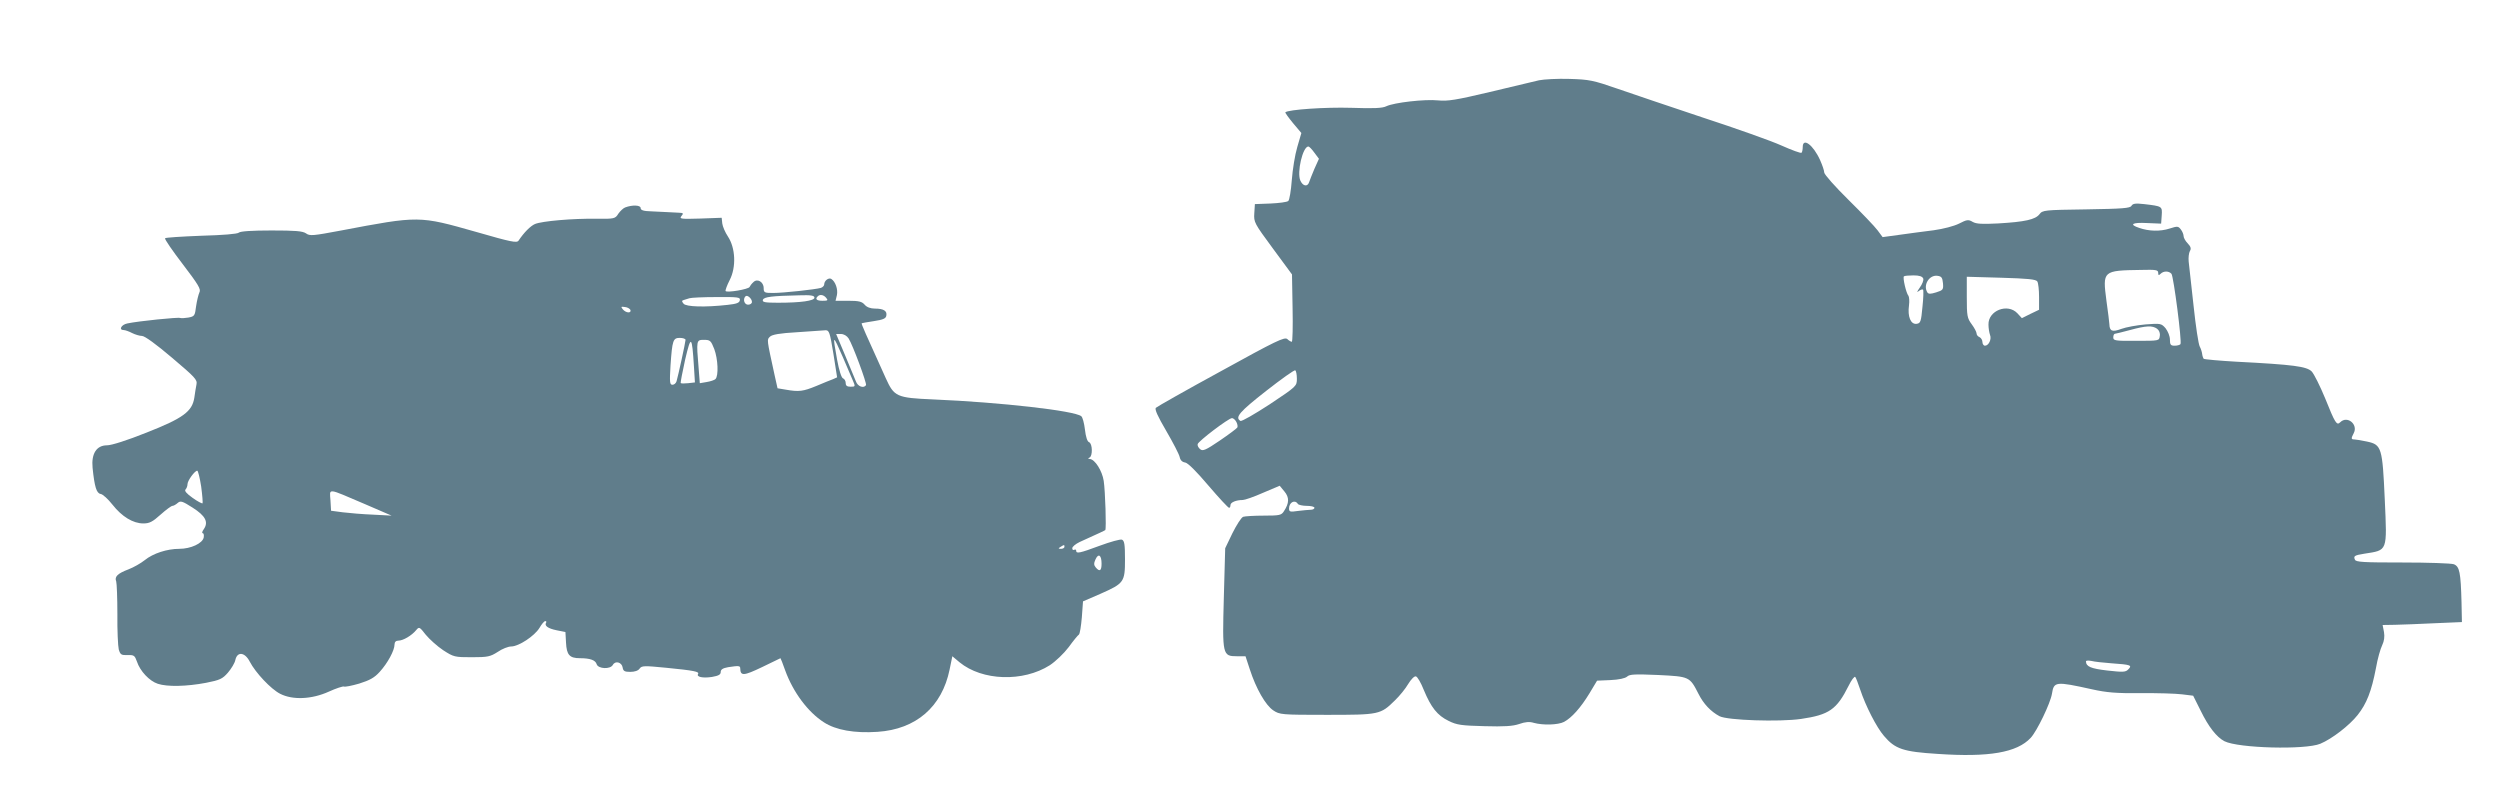 <?xml version="1.0" standalone="no"?>
<!DOCTYPE svg PUBLIC "-//W3C//DTD SVG 20010904//EN"
 "http://www.w3.org/TR/2001/REC-SVG-20010904/DTD/svg10.dtd">
<svg version="1.0" xmlns="http://www.w3.org/2000/svg"
 width="1280pt" height="415pt" viewBox="0 0 1280 415"
 preserveAspectRatio="xMidYMid meet">
<g transform="translate(0,415) scale(0.1,-0.1)"
fill="#607d8b" stroke="none">
<path d="M7880 3739 c-25 -6 -138 -33 -252 -60 -173 -41 -216 -48 -265 -43
-68 7 -225 -11 -265 -30 -20 -10 -64 -12 -180 -8 -132 4 -322 -9 -337 -23 -2
-2 16 -27 39 -55 l43 -51 -21 -72 c-12 -40 -24 -116 -28 -169 -4 -54 -12 -102
-18 -107 -7 -6 -48 -11 -91 -13 l-80 -3 -3 -47 c-3 -46 0 -51 95 -180 l98
-133 3 -172 c2 -95 0 -173 -4 -173 -4 0 -15 6 -23 14 -14 12 -58 -9 -339 -164
-178 -97 -328 -182 -334 -188 -7 -7 9 -43 53 -118 35 -60 66 -120 69 -134 3
-16 13 -26 28 -28 14 -2 58 -46 119 -118 54 -63 101 -114 106 -114 4 0 7 6 7
14 0 14 29 26 63 26 10 0 57 16 104 37 l85 36 24 -29 c26 -31 25 -60 -2 -101
-13 -21 -22 -23 -103 -23 -49 0 -97 -3 -106 -6 -10 -4 -34 -42 -55 -84 l-37
-77 -7 -253 c-8 -294 -7 -300 68 -300 l43 0 22 -67 c32 -99 81 -184 120 -210
33 -22 41 -23 273 -23 270 0 276 1 350 74 24 23 54 60 68 84 14 23 31 41 39
39 8 -1 26 -32 41 -70 37 -89 69 -130 127 -158 42 -21 66 -24 183 -27 101 -3
146 0 178 11 31 11 53 13 75 6 47 -13 124 -11 155 5 39 21 85 72 130 146 l39
65 69 3 c43 2 75 9 85 18 13 12 40 13 159 8 160 -8 161 -8 206 -96 26 -52 63
-91 108 -115 40 -21 305 -30 417 -14 144 21 183 48 244 170 14 29 30 50 34 45
4 -5 15 -34 25 -64 28 -85 84 -194 122 -238 57 -67 98 -81 275 -92 263 -18
406 7 476 82 32 34 101 177 109 226 10 63 18 64 204 23 76 -17 125 -21 250
-20 85 1 181 -2 212 -6 l57 -7 38 -76 c41 -84 82 -136 122 -157 71 -36 414
-45 491 -13 60 25 149 94 191 147 46 58 71 121 94 241 8 47 23 99 32 117 10
21 13 43 9 67 l-7 36 63 1 c35 1 126 4 203 8 l140 6 -2 100 c-4 155 -10 184
-39 196 -14 5 -133 9 -264 9 -200 0 -239 2 -243 15 -8 18 -2 22 48 30 121 19
117 8 105 278 -12 265 -16 280 -90 296 -28 6 -58 11 -65 11 -18 0 -18 5 -4 32
24 45 -33 92 -69 56 -18 -18 -26 -5 -77 122 -26 63 -57 125 -69 138 -26 26
-93 35 -384 50 -89 5 -165 12 -169 15 -3 4 -7 15 -8 25 -1 9 -6 26 -12 37 -7
12 -21 106 -32 210 -12 105 -23 206 -25 226 -2 20 1 44 6 53 8 13 5 23 -11 40
-12 12 -21 29 -21 37 0 8 -6 24 -14 34 -13 17 -17 18 -57 5 -49 -16 -107 -14
-156 3 -54 18 -37 29 40 25 l72 -3 3 42 c3 47 3 47 -90 58 -45 5 -58 3 -65 -9
-7 -12 -45 -15 -231 -18 -217 -3 -224 -4 -240 -25 -21 -27 -74 -39 -212 -47
-80 -4 -111 -3 -130 8 -22 13 -29 12 -70 -9 -26 -13 -80 -27 -130 -34 -47 -6
-125 -16 -173 -23 l-88 -12 -26 35 c-14 19 -81 89 -149 156 -68 67 -124 130
-124 140 0 10 -10 38 -21 63 -35 78 -89 118 -89 67 0 -13 -3 -26 -6 -29 -3 -4
-49 13 -103 37 -53 24 -234 88 -402 143 -167 56 -364 122 -438 148 -124 43
-144 47 -245 50 -61 2 -131 -2 -156 -7z m-1151 -370 l24 -32 -23 -51 c-12 -28
-24 -59 -27 -68 -8 -26 -32 -22 -45 7 -19 42 12 175 41 175 4 0 18 -14 30 -31z
m4321 -616 c0 -13 3 -14 12 -5 16 16 43 15 56 0 11 -15 54 -347 46 -360 -3 -4
-16 -8 -30 -8 -20 0 -24 5 -24 31 0 18 -10 42 -22 58 -22 25 -25 26 -103 20
-44 -4 -100 -14 -124 -23 -46 -17 -60 -12 -61 24 0 8 -7 62 -15 120 -20 154
-20 155 178 158 76 2 87 0 87 -15z m-1203 -29 c3 -9 -5 -29 -18 -47 -14 -20
-16 -27 -6 -18 10 8 20 11 23 8 3 -3 2 -43 -3 -88 -7 -77 -10 -84 -30 -87 -30
-4 -47 37 -39 94 3 22 1 45 -3 50 -11 12 -30 92 -23 99 3 3 25 5 49 5 30 0 45
-5 50 -16z m101 -24 c3 -33 0 -36 -35 -47 -29 -9 -39 -9 -45 0 -23 37 9 90 51
85 22 -3 26 -9 29 -38z m483 9 c5 -8 9 -43 9 -80 l0 -65 -44 -21 -44 -22 -23
25 c-50 53 -150 14 -148 -58 0 -18 4 -42 8 -53 9 -22 -7 -55 -26 -55 -7 0 -13
9 -13 19 0 10 -7 21 -15 25 -8 3 -15 11 -15 19 0 7 -11 28 -25 47 -23 31 -25
43 -25 138 l0 105 176 -5 c136 -4 178 -8 185 -19z m613 -242 c11 -8 17 -23 14
-38 -3 -24 -4 -24 -120 -24 -107 -1 -118 1 -118 17 0 10 3 18 8 19 4 0 39 9
77 19 84 23 115 24 139 7z m-4404 -256 c0 -38 -1 -39 -139 -131 -77 -50 -144
-89 -150 -85 -30 18 -4 47 131 153 78 61 145 109 150 106 4 -3 8 -22 8 -43z
m-310 -221 c6 -11 8 -24 5 -29 -3 -5 -43 -35 -90 -67 -72 -49 -87 -55 -100
-44 -9 7 -15 19 -13 26 3 15 157 132 175 133 7 1 17 -8 23 -19z m315 -420 c3
-5 24 -10 46 -10 21 0 39 -4 39 -10 0 -5 -8 -10 -19 -10 -10 0 -39 -3 -65 -6
-41 -6 -46 -5 -46 13 0 31 30 47 45 23z m4165 -816 c100 -7 108 -10 87 -31
-14 -15 -27 -15 -108 -6 -85 10 -108 20 -109 47 0 4 12 5 28 2 15 -4 61 -9
102 -12z"/>
<path d="M3201 3088 c-9 -3 -25 -18 -35 -32 -16 -26 -20 -27 -114 -26 -118 2
-278 -12 -313 -27 -23 -10 -56 -43 -84 -85 -9 -13 -38 -7 -215 44 -296 84
-292 84 -698 7 -139 -26 -156 -28 -175 -14 -17 12 -55 15 -177 15 -99 0 -160
-4 -167 -11 -7 -7 -82 -13 -192 -16 -100 -4 -184 -9 -186 -13 -3 -4 38 -64 91
-133 80 -105 94 -128 85 -144 -5 -11 -13 -43 -17 -71 -6 -49 -8 -52 -40 -58
-18 -3 -36 -4 -41 -2 -8 5 -215 -16 -271 -28 -31 -6 -46 -34 -18 -34 7 0 27
-7 42 -15 16 -8 39 -15 51 -15 14 0 73 -43 153 -111 118 -100 131 -113 126
-137 -3 -15 -8 -45 -11 -68 -11 -71 -57 -105 -245 -179 -100 -40 -179 -65
-202 -65 -54 0 -81 -43 -74 -115 10 -98 20 -130 41 -134 11 -1 38 -26 61 -55
48 -61 105 -96 158 -96 31 0 47 8 88 45 28 25 55 45 61 45 6 0 18 7 27 15 14
12 23 10 76 -24 66 -42 83 -74 57 -111 -8 -11 -10 -20 -5 -20 5 0 7 -10 5 -22
-6 -30 -66 -58 -125 -58 -62 0 -134 -23 -177 -58 -20 -16 -57 -37 -83 -47 -56
-21 -73 -38 -63 -62 3 -10 6 -85 6 -168 -1 -82 3 -163 7 -180 8 -27 13 -30 45
-29 33 1 37 -2 48 -33 16 -49 64 -100 107 -114 48 -16 147 -14 247 5 71 14 84
20 112 52 17 20 35 49 38 65 10 45 49 40 74 -9 29 -56 108 -140 155 -164 64
-33 162 -29 250 11 37 17 72 28 77 26 5 -3 40 4 78 15 54 17 78 30 105 60 41
45 76 110 76 140 0 13 7 20 20 20 24 0 68 26 91 54 15 18 17 17 49 -24 19 -23
59 -59 89 -79 54 -35 59 -36 147 -36 82 0 94 3 132 27 23 16 54 28 69 28 39 0
120 54 145 95 11 19 24 35 30 35 5 0 7 -4 4 -8 -10 -16 10 -30 54 -39 l45 -9
3 -54 c3 -63 18 -80 71 -80 53 0 80 -10 86 -31 8 -24 70 -27 83 -3 13 23 46
13 50 -14 3 -18 10 -22 39 -22 22 0 41 6 48 17 11 15 23 15 136 4 143 -14 171
-20 163 -32 -9 -15 24 -22 71 -15 34 6 45 12 45 25 0 13 10 20 38 25 53 8 62
8 62 -6 1 -40 17 -39 111 6 52 25 94 46 95 46 1 0 12 -28 24 -62 41 -113 117
-214 198 -266 61 -40 157 -57 275 -49 197 13 330 128 369 319 l14 68 37 -31
c116 -95 325 -102 462 -15 30 20 72 60 97 93 23 32 47 61 52 64 5 4 11 43 15
88 l6 82 90 39 c120 53 125 60 125 176 0 77 -3 96 -16 101 -8 3 -59 -11 -113
-31 -105 -39 -121 -42 -121 -25 0 5 -4 7 -10 4 -5 -3 -10 0 -10 8 0 8 17 22
38 32 104 47 127 58 131 61 6 5 0 200 -8 252 -8 52 -45 110 -71 112 -10 1 -11
3 -2 7 17 7 16 72 -2 79 -9 3 -17 28 -21 64 -4 33 -12 64 -19 69 -34 28 -409
71 -759 86 -187 8 -199 14 -242 109 -106 234 -126 278 -123 281 2 1 30 6 63
11 46 7 61 13 63 28 5 24 -14 36 -58 36 -23 0 -42 7 -53 20 -14 16 -29 20 -83
20 l-66 0 7 29 c6 29 -7 69 -29 83 -13 8 -36 -9 -36 -28 0 -7 -8 -15 -17 -18
-28 -8 -192 -26 -245 -26 -44 0 -48 2 -48 25 0 32 -33 51 -53 30 -9 -8 -17
-19 -19 -24 -4 -12 -117 -31 -123 -21 -2 3 7 29 21 56 34 66 30 164 -9 223
-14 21 -27 51 -29 67 l-3 29 -110 -4 c-99 -3 -108 -2 -96 13 12 14 10 16 -15
17 -16 1 -42 2 -59 3 -16 1 -54 3 -82 4 -39 1 -53 6 -53 17 0 15 -42 17 -79 3z
m649 -484 c0 -8 -9 -14 -20 -14 -19 0 -28 28 -13 43 9 9 33 -12 33 -29z m320
22 c0 -16 -69 -26 -187 -26 -68 0 -81 3 -77 15 6 15 45 20 187 23 59 2 77 -1
77 -12z m60 -1 c11 -13 8 -15 -19 -15 -30 0 -39 9 -24 23 11 11 30 8 43 -8z
m-442 -12 c-2 -14 -17 -19 -63 -24 -116 -13 -212 -10 -225 6 -10 12 -10 16 1
19 8 2 21 7 29 9 8 3 70 6 138 6 112 1 123 -1 120 -16z m-560 -50 c5 -18 -23
-16 -39 3 -11 14 -10 15 11 12 13 -1 25 -9 28 -15z m1039 -224 l19 -121 -20
-9 c-12 -4 -50 -20 -86 -35 -68 -28 -89 -31 -157 -19 l-42 7 -15 67 c-41 188
-40 181 -24 197 11 11 50 18 139 23 68 5 133 9 145 10 19 1 23 -9 41 -120z
m78 78 c21 -33 94 -230 89 -239 -12 -18 -43 -7 -52 20 -6 15 -31 75 -56 135
l-45 107 24 0 c15 0 31 -9 40 -23z m-835 -7 c0 -11 -38 -185 -46 -212 -3 -10
-12 -18 -21 -18 -14 0 -15 13 -10 98 9 131 13 142 48 142 16 0 29 -5 29 -10z
m43 -137 l5 -81 -35 -4 c-19 -2 -36 -2 -38 1 -1 3 9 57 23 120 30 128 35 124
45 -36z m104 90 c19 -51 23 -137 6 -154 -5 -5 -26 -12 -45 -15 l-35 -6 -6 77
c-12 143 -12 145 27 145 32 0 36 -4 53 -47z m659 -43 c20 -47 43 -100 50 -117
14 -32 14 -33 -11 -33 -18 0 -25 5 -25 19 0 10 -6 21 -14 24 -8 3 -20 41 -30
95 -24 133 -23 133 30 12z m-3286 -661 c6 -45 9 -83 7 -86 -3 -2 -26 10 -51
28 -31 22 -43 36 -36 43 5 5 10 17 10 27 0 18 37 69 50 69 4 0 13 -36 20 -81z
m836 -89 l139 -60 -95 5 c-52 2 -122 8 -155 12 l-60 8 -3 53 c-4 64 -21 65
174 -18z m3584 -220 c0 -5 -8 -10 -17 -10 -15 0 -16 2 -3 10 19 12 20 12 20 0z
m190 -86 c0 -37 -10 -43 -30 -19 -10 12 -10 21 -1 41 15 33 31 22 31 -22z"/>
</g>
</svg>

ACTIVITY -
How many of the lines above include the string "http"? Reply with the number by itself.

RESPONSE TO THIS EXERCISE -
2